La Région annonce d’ailleurs un moratoire sur la fermeture des formations industrielles jusqu’en 2028, en faisant le pari d’une amélioration de leur remplissage.
« Pas de chèque en blanc » pour la CFDT
Les organisations syndicales ont approuvé la démarche tout en posant leurs conditions. Pour Laurent Valy, de la Fédération générale des mines et de la métallurgie CFDT, attirer de nouveaux salariés passe aussi par la qualité des emplois : rémunérations, possibilités d’évolution, formation, santé, sécurité et équilibre entre vie professionnelle et personnelle. « Pas de chèque en blanc », a-t-il prévenu. La CFDT entend être attentive aux moyens réellement engagés et aux résultats obtenus.
Richard Hervé, de la CFE-CGC, a également exprimé l’espoir que la mobilisation des différents partenaires contribue à la fois au développement de la métallurgie bretonne et à « une amélioration de l’emploi et de la qualité du travail des salariés ».
Métal Performances investit 3 millions d’euros
Le deuxième grand volet du pacte concerne les transformations écologiques, énergétiques et numériques de l’industrie.
Là encore, l’entreprise de Beignon offre une illustration concrète. Métal Performances vient d’investir 3 millions d’euros dans l’extension de son atelier, avec notamment 1 400 m² supplémentaires et la modernisation de son outil de production.
Elle travaille également sur l’intelligence artificielle et la donnée afin de répondre aux exigences de marchés comme l’aérospatial et la défense.
Mais l’un de ses investissements les plus emblématiques concerne l’eau. Le traitement de surface représentait jusqu’ici environ 95 % de la consommation d’eau de l’entreprise, selon son dirigeant. Un nouveau bâtiment doit permettre de fonctionner en circuit fermé, avec récupération des eaux de pluie et traitement des effluents par phytoépuration. Le dispositif est actuellement en cours de mise en service.
Un pacte pour passer « de la parole aux actes »

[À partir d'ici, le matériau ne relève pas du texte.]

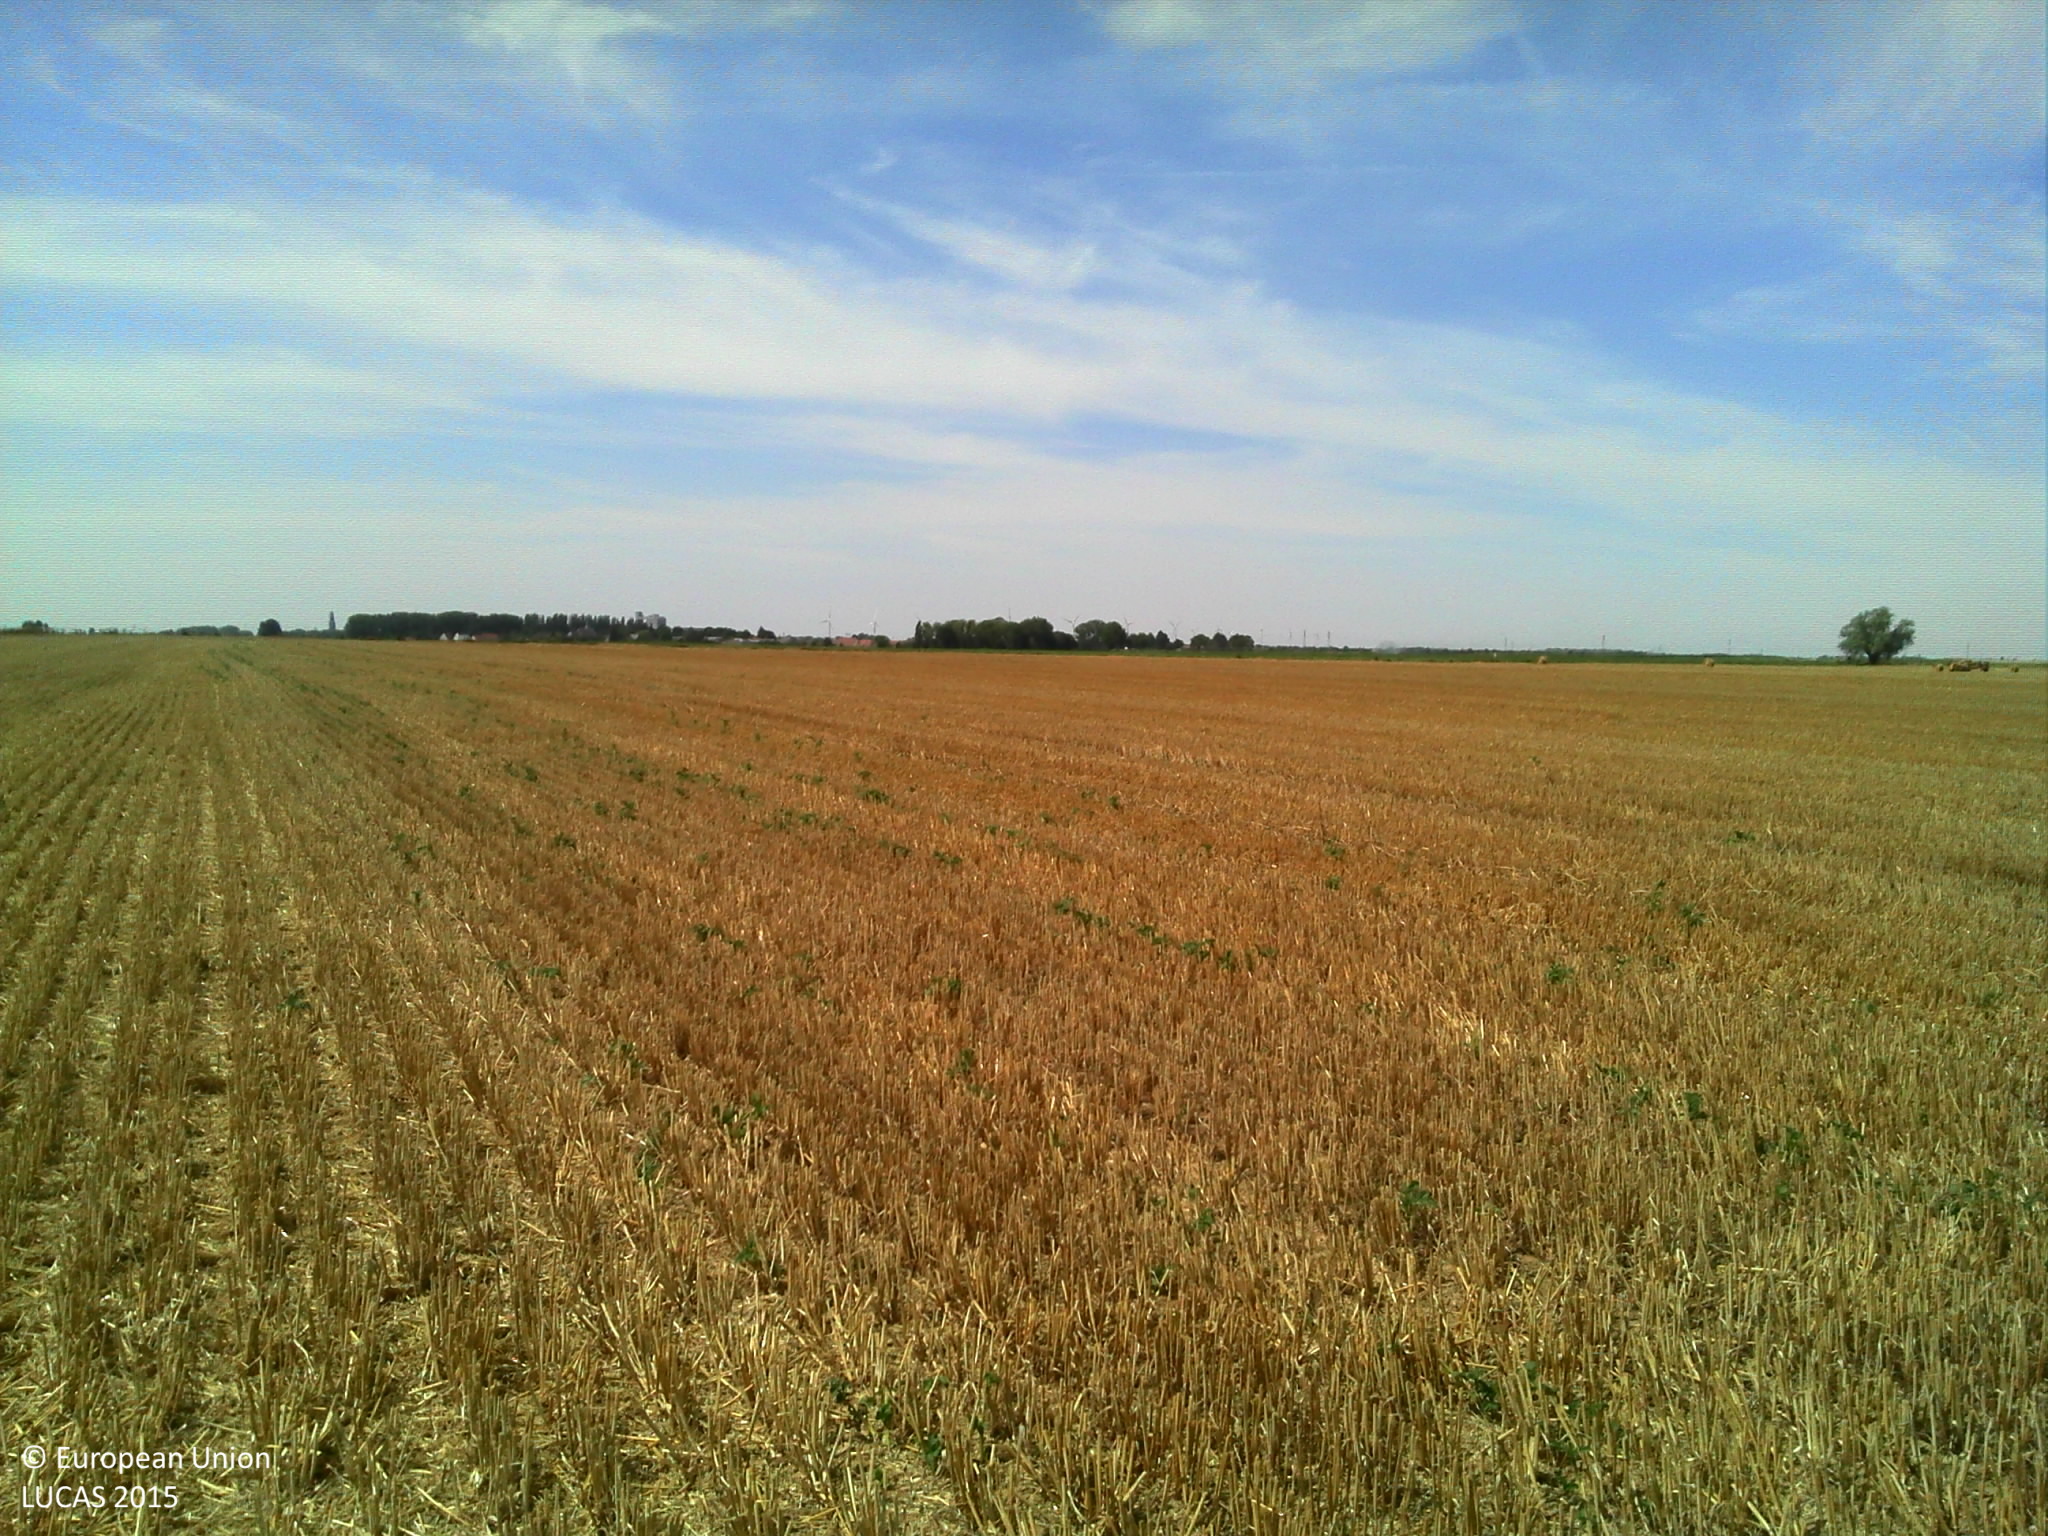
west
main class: Cropland
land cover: Common wheat
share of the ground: > 75 %
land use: Agriculture (excluding fallow land and kitchen gardens)
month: August
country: FR
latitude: 49.7068
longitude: 2.8483
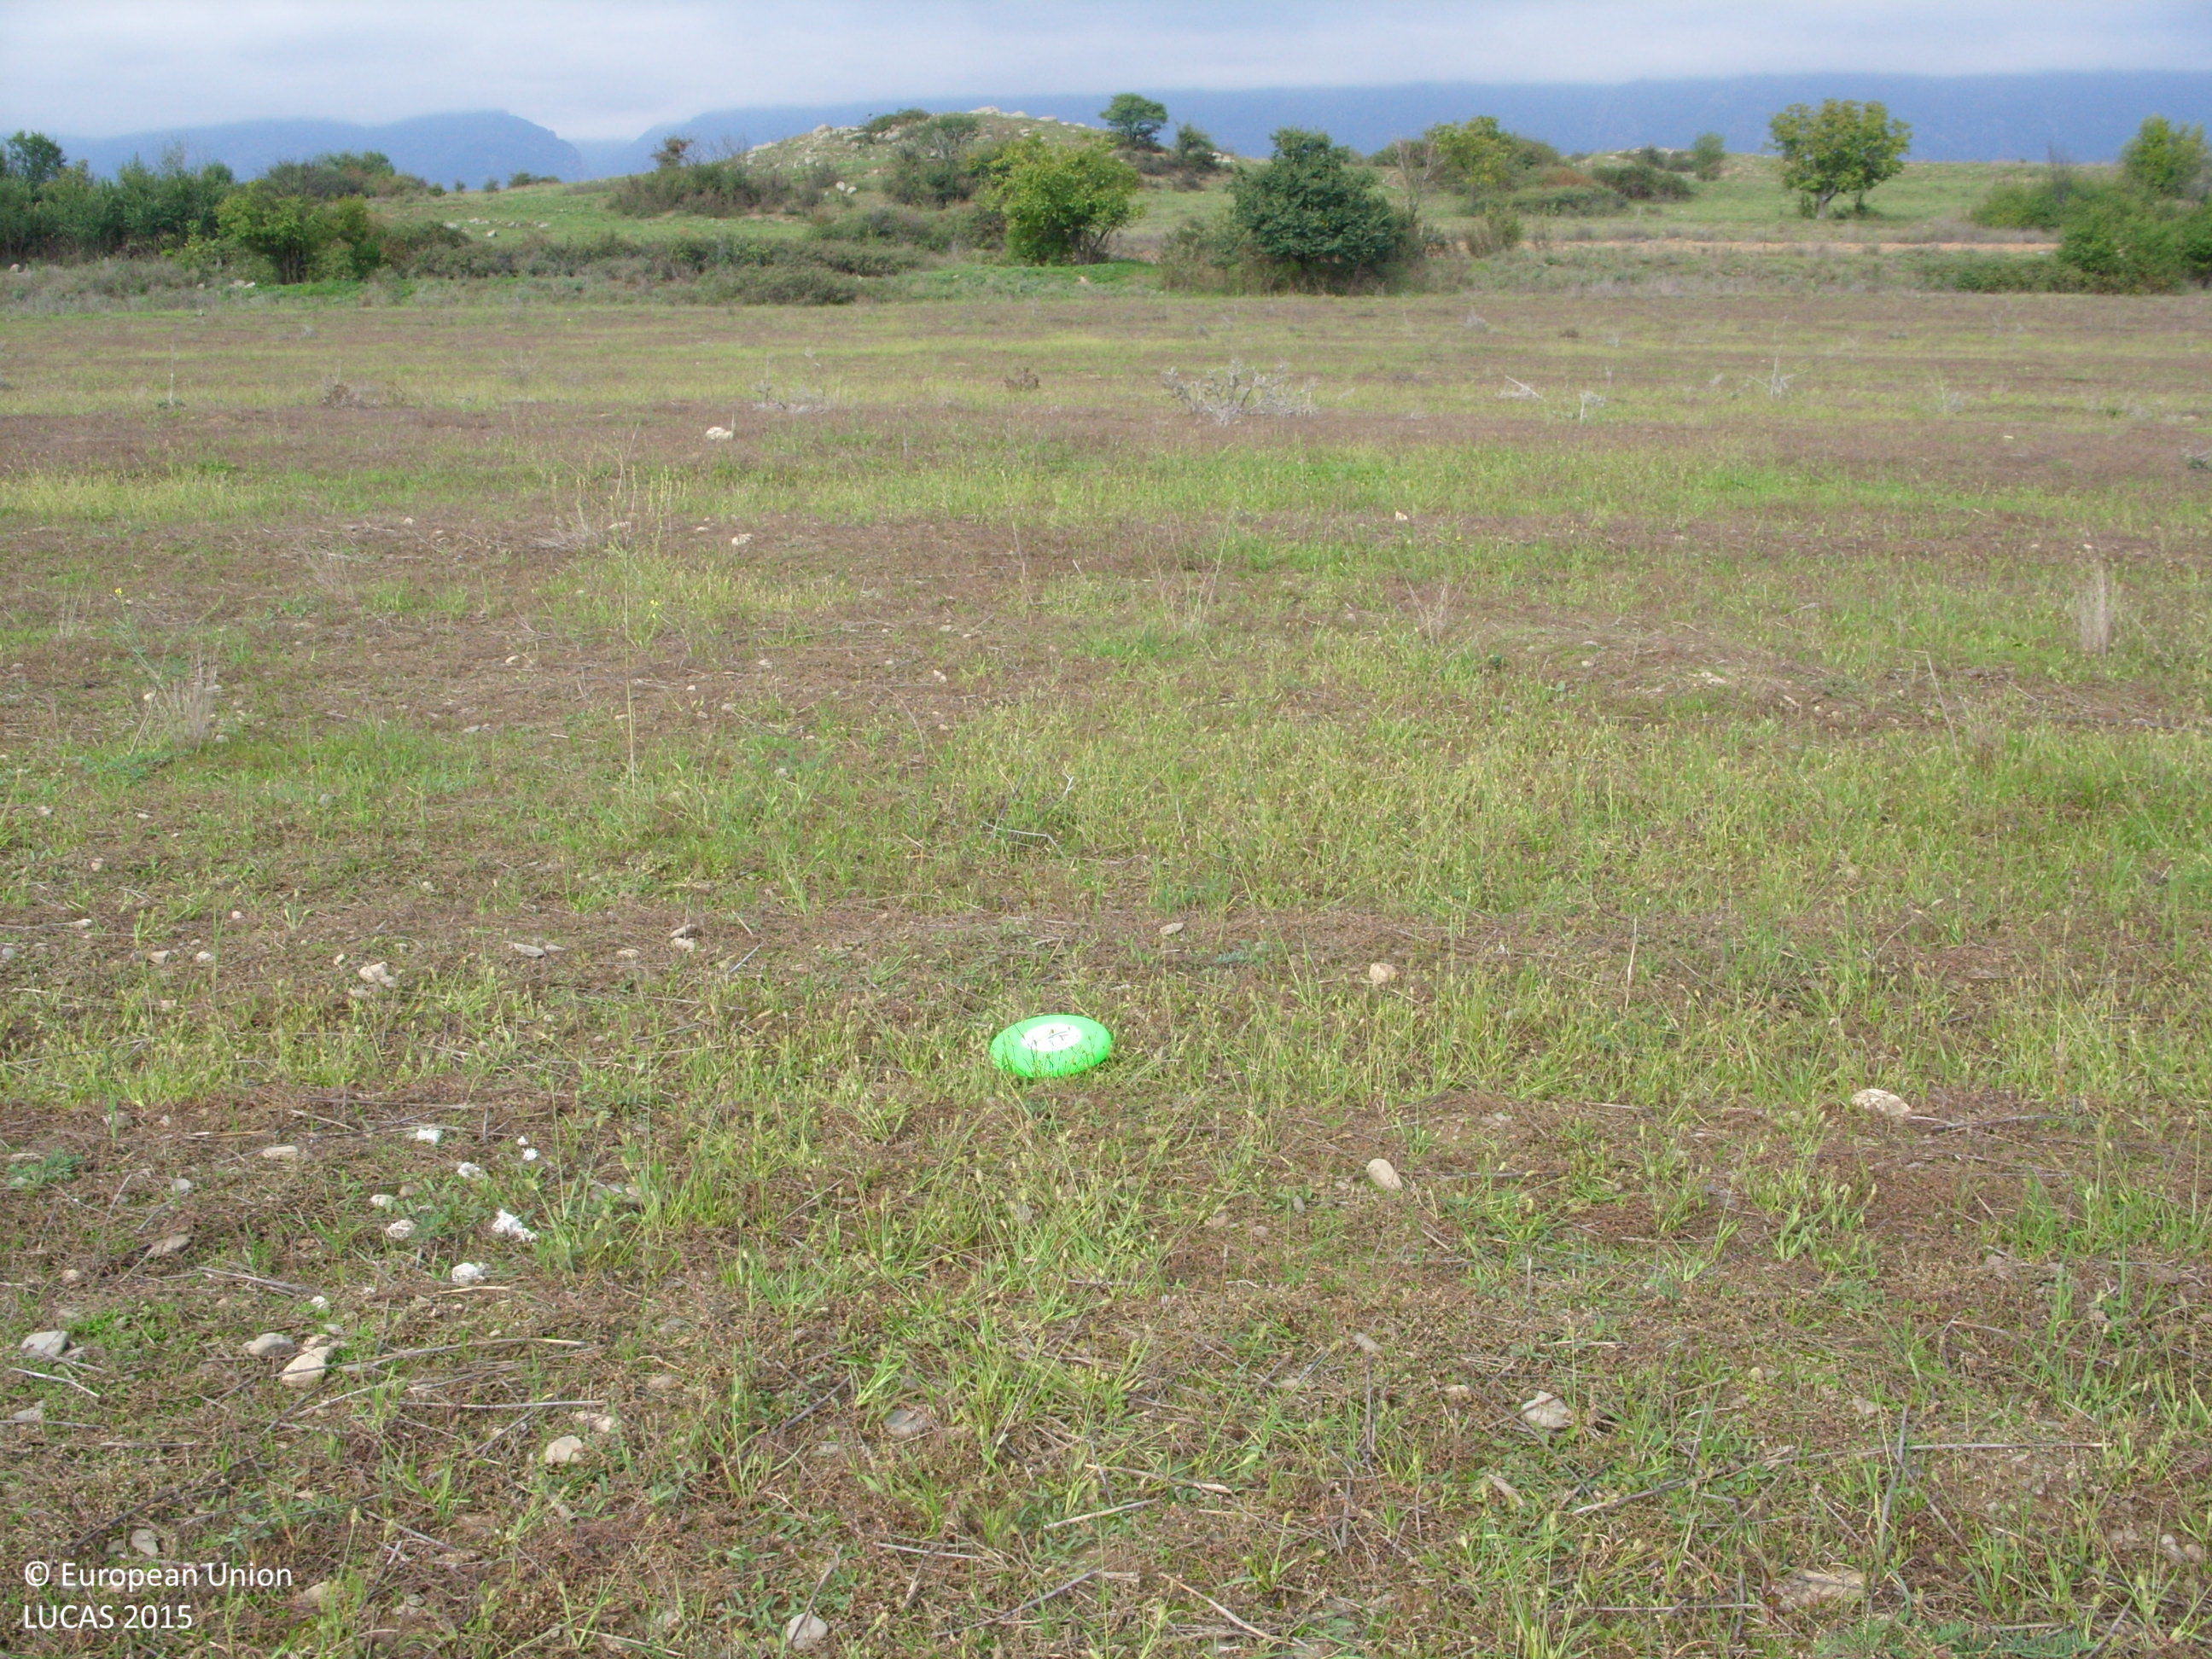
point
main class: Grassland
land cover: Spontaneously vegetated surfaces
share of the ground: > 75 %
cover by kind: herbaceous plants 90 %, unconsolidated bare surface 10 %
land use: Agriculture (excluding fallow land and kitchen gardens)
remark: Harvested field
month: October
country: BG
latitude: 42.5842
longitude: 24.8136

Le troisième axe porte sur l’inclusion : amélioration des conditions et de la qualité de vie au travail, intégration durable des salariés, accès des jeunes et des personnes éloignées de l’emploi à ces métiers, mais aussi développement de la mixité femmes-hommes.
Pour Ludovic Magnier, directeur régional de l’emploi, l’enjeu est désormais de faire de ce pacte autre chose qu’un document institutionnel. « Notre enjeu, c’est maintenant de mettre tout cela en cohérence et de passer à l’action. »
C’est aussi tout le sens du choix de Métal Performances pour cette signature. Derrière les grandes orientations régionales, les difficultés sont celles que rencontrent quotidiennement les entreprises : recruter un soudeur ou un chaudronnier, former un salarié, attirer davantage de femmes, réussir une reconversion ou adapter les compétences à la robotisation et à l’intelligence artificielle.
Le pacte signé à Beignon est prévu pour trois ans, jusqu’en 2028. État, Région, employeurs et représentants des salariés se retrouveront donc désormais sur un autre terrain, celui des résultats.